A widely read column by Rebecca Traister at Salon.com noted that “the majority of the [media] coverage of Michelle Obama . . . since her husband was elected has centred on her clothes”.
Several feminists have complained that despite her degrees from Princeton and Harvard, not to mention her extensive professional experience, she is now being talked about exclusively in “safe” family terms - as the mother of Sasha, 7, and Malia, 10, who will become the youngest children to live at the White House in decades; and also as a female fashion-plate.
“When the needs of our families collide with the demands of our jobs, it is usually the woman’s career that yields,” complained Ruth Marcus, a syndicated columnist. Traister blames a “Hillary Clinton hang-over” for the seemingly potent national desire for traditional family life at the White House. Others noted that Laura Bush, a former librarian who rarely expressed any political views, became one of America’s most popular first ladies despite her husband’s failures.
Michelle has said she sees no contradiction in devoting herself to her children at a critical moment in their lives.

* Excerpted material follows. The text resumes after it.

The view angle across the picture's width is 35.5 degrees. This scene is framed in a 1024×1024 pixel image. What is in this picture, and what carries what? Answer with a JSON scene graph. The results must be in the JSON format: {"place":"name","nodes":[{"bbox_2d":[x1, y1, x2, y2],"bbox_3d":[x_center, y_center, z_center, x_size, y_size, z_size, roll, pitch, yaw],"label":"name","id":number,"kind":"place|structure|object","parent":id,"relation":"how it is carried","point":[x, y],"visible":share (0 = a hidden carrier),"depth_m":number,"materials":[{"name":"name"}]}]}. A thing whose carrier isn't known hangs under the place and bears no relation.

When they move from Washington to Chicago, the girls will have to adjust not only to a new private school and new friends, but to the constant presence of bodyguards. It may be no coincidence that the last two children to grow up in the White House - Amy Carter and Chelsea Clinton - turned into extremely private adults who have shunned most media contact.

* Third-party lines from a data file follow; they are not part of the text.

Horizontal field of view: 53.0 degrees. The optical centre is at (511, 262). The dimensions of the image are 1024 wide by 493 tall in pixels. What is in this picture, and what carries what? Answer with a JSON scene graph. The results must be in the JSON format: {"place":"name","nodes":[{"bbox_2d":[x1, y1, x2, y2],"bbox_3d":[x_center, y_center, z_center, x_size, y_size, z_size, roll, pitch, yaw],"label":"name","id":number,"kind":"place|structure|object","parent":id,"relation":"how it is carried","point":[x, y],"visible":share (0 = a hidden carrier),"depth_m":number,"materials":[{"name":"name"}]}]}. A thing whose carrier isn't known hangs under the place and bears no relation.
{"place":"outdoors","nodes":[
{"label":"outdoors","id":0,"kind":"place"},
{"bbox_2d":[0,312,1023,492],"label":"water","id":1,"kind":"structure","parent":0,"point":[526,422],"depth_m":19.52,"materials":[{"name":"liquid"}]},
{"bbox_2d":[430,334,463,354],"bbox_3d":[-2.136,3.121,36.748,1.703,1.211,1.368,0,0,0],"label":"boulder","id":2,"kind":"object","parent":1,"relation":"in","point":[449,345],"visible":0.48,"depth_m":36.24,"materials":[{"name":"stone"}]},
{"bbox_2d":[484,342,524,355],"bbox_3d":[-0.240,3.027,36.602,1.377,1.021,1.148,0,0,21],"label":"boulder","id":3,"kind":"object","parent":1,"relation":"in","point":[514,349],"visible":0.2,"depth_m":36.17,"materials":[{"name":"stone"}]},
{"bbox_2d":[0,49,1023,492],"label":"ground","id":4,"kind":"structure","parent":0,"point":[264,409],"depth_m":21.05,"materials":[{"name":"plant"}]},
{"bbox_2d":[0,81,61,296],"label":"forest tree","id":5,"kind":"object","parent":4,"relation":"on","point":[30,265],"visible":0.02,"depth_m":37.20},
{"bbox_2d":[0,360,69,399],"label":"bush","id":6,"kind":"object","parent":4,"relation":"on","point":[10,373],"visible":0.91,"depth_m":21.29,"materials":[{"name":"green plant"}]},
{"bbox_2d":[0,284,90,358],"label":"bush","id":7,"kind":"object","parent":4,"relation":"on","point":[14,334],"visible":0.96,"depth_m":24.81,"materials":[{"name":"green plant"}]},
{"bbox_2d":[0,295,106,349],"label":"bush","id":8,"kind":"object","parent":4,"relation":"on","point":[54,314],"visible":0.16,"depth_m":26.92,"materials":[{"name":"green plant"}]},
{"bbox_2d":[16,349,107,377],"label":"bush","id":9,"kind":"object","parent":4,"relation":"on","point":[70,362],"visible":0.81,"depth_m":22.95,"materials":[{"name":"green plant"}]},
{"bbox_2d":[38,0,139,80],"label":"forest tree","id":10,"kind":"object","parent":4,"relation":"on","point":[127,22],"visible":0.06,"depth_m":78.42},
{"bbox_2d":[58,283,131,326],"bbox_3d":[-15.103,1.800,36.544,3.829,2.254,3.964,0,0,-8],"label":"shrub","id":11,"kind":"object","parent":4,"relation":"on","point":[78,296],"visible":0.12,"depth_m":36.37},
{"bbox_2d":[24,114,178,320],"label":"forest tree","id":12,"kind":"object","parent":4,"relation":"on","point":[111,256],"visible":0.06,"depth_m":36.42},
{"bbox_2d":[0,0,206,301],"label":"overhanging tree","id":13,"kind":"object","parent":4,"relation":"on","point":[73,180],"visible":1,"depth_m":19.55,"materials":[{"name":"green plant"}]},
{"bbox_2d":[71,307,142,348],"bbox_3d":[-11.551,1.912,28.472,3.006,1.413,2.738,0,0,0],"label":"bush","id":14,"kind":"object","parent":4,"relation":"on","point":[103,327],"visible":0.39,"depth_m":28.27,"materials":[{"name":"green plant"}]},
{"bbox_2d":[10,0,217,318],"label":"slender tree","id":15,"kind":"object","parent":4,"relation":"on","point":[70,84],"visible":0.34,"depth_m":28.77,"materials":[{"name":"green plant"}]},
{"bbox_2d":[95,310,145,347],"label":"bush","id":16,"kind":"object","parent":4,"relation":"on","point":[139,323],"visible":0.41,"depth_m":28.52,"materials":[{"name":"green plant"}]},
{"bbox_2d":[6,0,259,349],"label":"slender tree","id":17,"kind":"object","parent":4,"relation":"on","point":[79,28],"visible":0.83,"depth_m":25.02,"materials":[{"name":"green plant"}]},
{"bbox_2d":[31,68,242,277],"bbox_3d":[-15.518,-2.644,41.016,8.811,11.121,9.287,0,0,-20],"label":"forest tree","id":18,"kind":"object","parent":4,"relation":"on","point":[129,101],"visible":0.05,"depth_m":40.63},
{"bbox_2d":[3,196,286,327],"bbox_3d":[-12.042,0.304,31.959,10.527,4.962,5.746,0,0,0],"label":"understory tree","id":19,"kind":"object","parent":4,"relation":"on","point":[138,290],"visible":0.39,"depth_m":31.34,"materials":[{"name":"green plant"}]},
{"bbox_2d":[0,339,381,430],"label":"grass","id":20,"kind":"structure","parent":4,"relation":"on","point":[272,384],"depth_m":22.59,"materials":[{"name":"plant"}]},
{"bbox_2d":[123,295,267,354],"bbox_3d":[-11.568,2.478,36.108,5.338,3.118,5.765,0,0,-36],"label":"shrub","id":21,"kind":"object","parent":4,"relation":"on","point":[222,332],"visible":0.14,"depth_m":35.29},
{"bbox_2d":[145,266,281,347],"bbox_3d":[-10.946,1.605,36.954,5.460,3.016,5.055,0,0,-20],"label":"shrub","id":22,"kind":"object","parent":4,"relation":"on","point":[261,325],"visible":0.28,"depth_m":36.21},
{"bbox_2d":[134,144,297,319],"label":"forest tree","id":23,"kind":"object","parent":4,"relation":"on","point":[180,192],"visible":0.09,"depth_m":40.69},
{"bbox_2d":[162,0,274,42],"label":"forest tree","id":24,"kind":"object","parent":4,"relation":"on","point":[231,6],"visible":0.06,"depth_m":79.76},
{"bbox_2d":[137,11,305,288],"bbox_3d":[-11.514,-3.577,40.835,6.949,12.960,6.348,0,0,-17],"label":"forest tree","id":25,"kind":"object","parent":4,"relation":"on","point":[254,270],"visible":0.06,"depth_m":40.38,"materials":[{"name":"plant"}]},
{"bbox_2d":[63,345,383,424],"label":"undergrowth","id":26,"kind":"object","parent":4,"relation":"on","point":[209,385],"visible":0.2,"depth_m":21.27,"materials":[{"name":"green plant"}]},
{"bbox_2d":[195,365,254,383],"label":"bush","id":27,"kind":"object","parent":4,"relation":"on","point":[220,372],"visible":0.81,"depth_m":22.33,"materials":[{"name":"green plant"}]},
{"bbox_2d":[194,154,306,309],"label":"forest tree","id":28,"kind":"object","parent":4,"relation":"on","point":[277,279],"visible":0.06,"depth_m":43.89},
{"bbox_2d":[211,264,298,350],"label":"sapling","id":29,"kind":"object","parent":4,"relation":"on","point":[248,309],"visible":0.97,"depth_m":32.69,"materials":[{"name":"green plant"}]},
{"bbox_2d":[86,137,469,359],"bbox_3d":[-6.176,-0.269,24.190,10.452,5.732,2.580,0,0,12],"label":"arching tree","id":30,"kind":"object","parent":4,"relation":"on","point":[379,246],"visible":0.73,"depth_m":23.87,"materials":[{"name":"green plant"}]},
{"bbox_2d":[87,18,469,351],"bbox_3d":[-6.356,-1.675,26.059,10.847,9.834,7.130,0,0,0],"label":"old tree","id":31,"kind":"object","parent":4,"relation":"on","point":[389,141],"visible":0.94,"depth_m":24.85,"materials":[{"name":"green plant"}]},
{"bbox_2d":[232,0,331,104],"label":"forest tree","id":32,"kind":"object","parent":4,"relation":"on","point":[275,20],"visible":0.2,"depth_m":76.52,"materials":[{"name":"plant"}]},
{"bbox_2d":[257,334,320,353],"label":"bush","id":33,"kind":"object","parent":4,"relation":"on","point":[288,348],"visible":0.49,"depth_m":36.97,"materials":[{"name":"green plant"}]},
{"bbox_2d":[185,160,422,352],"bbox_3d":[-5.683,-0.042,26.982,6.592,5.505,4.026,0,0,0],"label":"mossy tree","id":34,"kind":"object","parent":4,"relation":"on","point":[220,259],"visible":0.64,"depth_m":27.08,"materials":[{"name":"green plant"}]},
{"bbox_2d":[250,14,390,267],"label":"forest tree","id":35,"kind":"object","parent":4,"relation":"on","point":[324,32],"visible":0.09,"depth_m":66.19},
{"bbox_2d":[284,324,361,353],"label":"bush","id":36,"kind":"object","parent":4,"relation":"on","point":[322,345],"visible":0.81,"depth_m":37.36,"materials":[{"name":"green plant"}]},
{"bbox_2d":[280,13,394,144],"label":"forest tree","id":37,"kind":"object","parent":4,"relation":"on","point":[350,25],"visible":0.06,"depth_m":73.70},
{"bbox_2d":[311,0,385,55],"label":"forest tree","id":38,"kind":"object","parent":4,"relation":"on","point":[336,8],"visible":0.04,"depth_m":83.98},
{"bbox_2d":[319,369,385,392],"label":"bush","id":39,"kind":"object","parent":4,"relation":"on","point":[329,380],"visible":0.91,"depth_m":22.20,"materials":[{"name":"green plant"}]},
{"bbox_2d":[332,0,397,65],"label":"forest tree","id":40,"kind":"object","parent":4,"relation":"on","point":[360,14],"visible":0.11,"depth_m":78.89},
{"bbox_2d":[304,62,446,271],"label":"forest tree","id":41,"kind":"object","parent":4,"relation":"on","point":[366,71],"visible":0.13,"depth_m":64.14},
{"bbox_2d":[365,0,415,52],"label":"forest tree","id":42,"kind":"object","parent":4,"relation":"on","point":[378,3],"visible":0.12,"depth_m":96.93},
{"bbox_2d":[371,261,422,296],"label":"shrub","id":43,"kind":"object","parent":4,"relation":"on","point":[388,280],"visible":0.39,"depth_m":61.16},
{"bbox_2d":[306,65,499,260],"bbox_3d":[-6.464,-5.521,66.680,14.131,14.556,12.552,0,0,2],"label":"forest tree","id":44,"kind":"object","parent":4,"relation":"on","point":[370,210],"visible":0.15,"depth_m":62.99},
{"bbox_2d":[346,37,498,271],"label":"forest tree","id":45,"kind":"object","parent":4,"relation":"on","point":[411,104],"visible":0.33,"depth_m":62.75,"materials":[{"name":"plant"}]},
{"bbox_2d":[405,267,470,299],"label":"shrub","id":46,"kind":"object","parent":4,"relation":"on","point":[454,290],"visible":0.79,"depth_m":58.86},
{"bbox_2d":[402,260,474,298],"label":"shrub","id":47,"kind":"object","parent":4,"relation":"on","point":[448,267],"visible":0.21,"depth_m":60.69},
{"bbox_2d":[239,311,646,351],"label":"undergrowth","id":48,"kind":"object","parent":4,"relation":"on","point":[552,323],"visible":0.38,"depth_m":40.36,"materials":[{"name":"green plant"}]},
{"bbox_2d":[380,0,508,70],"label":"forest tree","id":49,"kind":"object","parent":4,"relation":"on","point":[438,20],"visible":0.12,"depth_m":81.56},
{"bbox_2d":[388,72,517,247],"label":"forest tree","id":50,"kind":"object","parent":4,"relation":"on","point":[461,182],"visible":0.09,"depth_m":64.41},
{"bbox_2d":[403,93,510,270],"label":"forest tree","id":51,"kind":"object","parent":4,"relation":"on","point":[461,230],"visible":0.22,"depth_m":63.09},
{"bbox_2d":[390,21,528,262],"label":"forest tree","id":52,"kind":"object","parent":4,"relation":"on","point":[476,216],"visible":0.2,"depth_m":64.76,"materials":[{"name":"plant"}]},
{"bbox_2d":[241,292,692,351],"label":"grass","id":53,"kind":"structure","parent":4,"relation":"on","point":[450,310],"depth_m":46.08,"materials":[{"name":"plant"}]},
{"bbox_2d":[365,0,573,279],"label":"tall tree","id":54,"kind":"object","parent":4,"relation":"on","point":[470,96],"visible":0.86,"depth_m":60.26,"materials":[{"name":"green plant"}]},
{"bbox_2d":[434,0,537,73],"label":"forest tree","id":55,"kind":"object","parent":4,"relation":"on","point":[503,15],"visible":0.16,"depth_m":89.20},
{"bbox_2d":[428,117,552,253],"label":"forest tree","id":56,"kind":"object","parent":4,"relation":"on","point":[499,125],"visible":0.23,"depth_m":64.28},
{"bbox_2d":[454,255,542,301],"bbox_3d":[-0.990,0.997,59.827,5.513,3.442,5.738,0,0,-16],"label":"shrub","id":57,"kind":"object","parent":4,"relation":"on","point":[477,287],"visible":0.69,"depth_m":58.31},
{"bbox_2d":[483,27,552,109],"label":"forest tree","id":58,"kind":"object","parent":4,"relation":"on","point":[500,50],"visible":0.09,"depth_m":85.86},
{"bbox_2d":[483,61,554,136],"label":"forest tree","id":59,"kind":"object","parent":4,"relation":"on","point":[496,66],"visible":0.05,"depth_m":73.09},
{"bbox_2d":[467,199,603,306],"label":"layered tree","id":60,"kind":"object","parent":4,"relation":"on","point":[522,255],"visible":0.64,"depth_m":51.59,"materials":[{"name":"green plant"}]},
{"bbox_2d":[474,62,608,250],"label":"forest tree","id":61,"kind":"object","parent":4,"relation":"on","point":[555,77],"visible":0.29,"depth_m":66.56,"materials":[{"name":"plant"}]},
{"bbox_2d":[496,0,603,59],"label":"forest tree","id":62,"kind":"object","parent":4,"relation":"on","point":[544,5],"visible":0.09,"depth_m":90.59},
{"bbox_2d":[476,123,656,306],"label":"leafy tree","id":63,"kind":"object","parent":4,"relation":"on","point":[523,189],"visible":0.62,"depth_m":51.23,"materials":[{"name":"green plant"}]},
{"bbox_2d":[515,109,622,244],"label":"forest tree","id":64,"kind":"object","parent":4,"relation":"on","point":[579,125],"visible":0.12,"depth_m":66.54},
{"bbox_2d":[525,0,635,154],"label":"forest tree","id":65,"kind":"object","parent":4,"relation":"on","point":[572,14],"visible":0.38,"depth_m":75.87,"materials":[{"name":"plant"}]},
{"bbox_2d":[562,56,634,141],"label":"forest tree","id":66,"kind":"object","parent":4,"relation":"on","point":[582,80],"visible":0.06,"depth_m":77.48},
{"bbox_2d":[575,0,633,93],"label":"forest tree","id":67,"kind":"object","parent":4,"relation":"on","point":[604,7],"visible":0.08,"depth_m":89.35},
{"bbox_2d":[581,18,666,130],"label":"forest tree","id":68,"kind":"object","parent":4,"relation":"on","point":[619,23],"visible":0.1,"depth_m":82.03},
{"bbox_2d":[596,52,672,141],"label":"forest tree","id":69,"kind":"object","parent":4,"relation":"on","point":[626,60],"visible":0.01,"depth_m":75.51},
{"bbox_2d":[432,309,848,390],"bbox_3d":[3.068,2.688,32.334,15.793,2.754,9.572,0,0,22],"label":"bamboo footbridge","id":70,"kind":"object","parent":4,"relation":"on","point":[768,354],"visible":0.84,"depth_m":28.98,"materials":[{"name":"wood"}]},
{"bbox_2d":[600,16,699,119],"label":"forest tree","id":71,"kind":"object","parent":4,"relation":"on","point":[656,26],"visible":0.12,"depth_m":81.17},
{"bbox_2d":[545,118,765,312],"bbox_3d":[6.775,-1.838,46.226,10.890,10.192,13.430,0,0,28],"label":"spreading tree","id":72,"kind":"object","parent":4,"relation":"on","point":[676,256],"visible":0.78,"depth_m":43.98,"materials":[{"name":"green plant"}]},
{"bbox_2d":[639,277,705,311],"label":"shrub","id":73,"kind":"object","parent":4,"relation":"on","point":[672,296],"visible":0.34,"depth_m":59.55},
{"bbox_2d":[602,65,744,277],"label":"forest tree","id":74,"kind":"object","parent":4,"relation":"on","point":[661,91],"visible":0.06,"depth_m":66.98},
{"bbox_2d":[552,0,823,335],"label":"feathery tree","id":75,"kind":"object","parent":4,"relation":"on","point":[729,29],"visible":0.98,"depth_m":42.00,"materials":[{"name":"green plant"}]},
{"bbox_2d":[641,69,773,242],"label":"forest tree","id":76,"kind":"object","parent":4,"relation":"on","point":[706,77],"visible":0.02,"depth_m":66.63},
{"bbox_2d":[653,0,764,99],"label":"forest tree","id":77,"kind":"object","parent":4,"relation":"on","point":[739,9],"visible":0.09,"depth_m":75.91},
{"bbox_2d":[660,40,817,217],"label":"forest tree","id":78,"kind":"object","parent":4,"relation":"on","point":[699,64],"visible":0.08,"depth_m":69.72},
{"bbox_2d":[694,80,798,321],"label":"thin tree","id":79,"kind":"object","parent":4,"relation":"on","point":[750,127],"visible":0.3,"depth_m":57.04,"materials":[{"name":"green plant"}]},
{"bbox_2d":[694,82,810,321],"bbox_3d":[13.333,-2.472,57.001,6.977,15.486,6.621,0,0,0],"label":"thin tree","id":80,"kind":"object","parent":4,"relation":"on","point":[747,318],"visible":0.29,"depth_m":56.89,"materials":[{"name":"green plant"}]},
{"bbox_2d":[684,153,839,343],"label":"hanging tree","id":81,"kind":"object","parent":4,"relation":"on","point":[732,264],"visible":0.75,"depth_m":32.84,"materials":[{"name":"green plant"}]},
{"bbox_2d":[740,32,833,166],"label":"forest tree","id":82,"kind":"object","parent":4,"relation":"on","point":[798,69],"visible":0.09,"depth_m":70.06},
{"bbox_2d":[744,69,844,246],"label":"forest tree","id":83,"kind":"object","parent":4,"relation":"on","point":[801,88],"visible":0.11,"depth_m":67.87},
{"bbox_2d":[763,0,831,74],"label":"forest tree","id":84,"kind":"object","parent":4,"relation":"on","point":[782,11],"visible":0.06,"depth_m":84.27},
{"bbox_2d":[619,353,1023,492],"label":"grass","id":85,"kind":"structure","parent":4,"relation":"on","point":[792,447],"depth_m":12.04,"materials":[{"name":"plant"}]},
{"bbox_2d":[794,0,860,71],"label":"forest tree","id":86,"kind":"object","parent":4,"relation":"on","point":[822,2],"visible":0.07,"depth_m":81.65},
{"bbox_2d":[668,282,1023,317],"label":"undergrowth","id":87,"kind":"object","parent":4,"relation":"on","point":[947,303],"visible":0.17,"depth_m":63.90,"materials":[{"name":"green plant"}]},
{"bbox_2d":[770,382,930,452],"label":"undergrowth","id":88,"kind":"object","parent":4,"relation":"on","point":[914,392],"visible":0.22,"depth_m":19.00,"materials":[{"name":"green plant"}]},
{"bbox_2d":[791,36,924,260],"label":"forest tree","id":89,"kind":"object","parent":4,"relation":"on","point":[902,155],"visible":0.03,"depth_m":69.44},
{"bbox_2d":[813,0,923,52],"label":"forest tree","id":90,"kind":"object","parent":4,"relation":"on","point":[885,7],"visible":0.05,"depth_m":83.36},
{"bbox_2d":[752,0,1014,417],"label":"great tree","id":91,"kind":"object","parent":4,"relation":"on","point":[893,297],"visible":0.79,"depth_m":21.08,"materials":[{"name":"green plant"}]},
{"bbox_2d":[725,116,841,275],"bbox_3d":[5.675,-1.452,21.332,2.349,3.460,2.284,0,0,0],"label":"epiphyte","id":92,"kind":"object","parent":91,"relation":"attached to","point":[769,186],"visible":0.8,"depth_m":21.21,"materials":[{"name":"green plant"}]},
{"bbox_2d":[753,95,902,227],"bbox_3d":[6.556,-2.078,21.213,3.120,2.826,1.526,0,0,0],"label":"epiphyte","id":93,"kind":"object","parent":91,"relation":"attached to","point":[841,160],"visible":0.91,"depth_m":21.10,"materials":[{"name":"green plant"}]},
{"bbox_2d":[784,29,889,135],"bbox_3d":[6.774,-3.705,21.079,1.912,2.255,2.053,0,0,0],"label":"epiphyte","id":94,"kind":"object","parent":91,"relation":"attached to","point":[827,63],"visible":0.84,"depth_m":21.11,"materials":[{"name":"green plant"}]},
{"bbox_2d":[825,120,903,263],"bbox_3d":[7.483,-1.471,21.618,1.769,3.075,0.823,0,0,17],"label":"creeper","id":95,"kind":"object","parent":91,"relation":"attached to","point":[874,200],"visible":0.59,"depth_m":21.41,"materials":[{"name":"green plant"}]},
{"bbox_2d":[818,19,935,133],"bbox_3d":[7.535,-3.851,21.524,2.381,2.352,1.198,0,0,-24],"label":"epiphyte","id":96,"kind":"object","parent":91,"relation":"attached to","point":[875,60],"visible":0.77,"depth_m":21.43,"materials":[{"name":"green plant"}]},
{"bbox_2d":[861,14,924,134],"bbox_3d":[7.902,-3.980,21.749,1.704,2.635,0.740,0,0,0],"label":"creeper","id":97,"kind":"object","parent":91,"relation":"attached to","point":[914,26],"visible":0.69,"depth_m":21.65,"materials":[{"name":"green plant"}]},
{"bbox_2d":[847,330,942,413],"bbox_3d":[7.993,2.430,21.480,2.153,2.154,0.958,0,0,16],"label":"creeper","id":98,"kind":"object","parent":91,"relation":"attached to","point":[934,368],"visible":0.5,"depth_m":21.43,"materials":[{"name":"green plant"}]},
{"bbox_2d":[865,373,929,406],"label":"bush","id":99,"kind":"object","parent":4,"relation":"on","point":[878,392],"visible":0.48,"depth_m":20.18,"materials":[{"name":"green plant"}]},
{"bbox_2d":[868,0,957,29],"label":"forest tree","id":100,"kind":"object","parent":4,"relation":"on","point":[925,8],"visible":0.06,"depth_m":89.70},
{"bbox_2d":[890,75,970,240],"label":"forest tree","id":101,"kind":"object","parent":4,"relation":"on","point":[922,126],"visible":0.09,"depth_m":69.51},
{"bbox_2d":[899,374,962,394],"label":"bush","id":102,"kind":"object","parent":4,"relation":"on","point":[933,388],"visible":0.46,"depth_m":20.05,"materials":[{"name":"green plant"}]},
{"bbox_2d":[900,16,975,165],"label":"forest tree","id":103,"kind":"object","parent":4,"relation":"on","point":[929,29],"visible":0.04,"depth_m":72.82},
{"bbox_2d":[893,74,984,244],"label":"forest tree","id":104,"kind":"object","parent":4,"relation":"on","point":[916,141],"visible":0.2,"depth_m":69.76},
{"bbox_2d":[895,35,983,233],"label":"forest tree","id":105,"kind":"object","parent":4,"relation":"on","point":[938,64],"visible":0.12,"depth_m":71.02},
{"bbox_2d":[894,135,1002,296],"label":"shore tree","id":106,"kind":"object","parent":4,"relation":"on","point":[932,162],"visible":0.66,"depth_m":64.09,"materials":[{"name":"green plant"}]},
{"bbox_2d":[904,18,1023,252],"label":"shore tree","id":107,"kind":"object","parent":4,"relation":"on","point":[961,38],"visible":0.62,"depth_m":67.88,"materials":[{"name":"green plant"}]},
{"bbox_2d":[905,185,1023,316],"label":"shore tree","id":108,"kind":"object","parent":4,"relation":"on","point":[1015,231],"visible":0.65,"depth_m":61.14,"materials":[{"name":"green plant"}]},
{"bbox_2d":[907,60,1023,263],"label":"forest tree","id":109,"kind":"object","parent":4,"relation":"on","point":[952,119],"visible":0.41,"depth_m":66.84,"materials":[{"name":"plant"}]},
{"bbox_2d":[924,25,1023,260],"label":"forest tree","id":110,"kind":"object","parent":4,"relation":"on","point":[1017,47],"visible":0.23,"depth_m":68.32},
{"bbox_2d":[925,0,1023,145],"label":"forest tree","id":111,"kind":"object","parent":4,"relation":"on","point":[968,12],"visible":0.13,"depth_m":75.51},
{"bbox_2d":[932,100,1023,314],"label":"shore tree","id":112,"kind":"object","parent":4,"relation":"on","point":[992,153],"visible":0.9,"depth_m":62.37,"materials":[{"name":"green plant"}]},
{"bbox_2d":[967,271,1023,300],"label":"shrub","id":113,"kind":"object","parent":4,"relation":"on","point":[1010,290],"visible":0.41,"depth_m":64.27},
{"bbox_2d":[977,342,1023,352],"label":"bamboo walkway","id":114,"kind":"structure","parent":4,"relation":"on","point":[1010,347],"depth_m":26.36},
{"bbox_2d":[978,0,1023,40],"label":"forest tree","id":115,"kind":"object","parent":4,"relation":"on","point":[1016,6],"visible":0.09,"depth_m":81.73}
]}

“I have never been the kind of person who has defined myself by a career or a job,” Michelle told Walters. “People used to ask me that during the course of the campaign - ‘Is it hard for you to have stepped off the track and devoted your life to his dream?’ ” She went on: “But the truth is that I believe in [my husband] as our president, and his vision for the country. And if that meant stepping away from my particular job . . . that’s a small sacrifice to make.”
Michelle depicted herself as a hands-on mother who intends to make sure that Sasha and Malia make their own beds and pick up their new puppy’s mess. Yet several Washington insiders doubt that Michelle will steer clear of politics for ever. “She doesn't seem the type to play Jackie Kennedy for long,” said one Democratic strategist, referring to the popular Washington view that the “Camelot” age of Kennedy glamour is about to be replaced by “Bamalot”.
The president-elect recently said of his wife that he expected her to “design her own role. I think she’s going to set her own path. But she’s serious when she talks about being a mom”.
Michelle noted that she had already been juggling children and career for the past 10 years. “The primary focus for the first year [in the White House] will be making sure that the kids make it through the transition,” she said. “But there are many issues I care about.”
As her husband continues to make history with the help of a long list of powerful women - from Hillary Clinton, expected to become his new secretary of state, to Valerie Jarrett, his senior adviser and Penny Pritzker, the billionaire Chicago businesswoman who has been one of his most valuable fundraisers - it seems only a matter of time before Michelle emerges as more than a stay-at-home mom.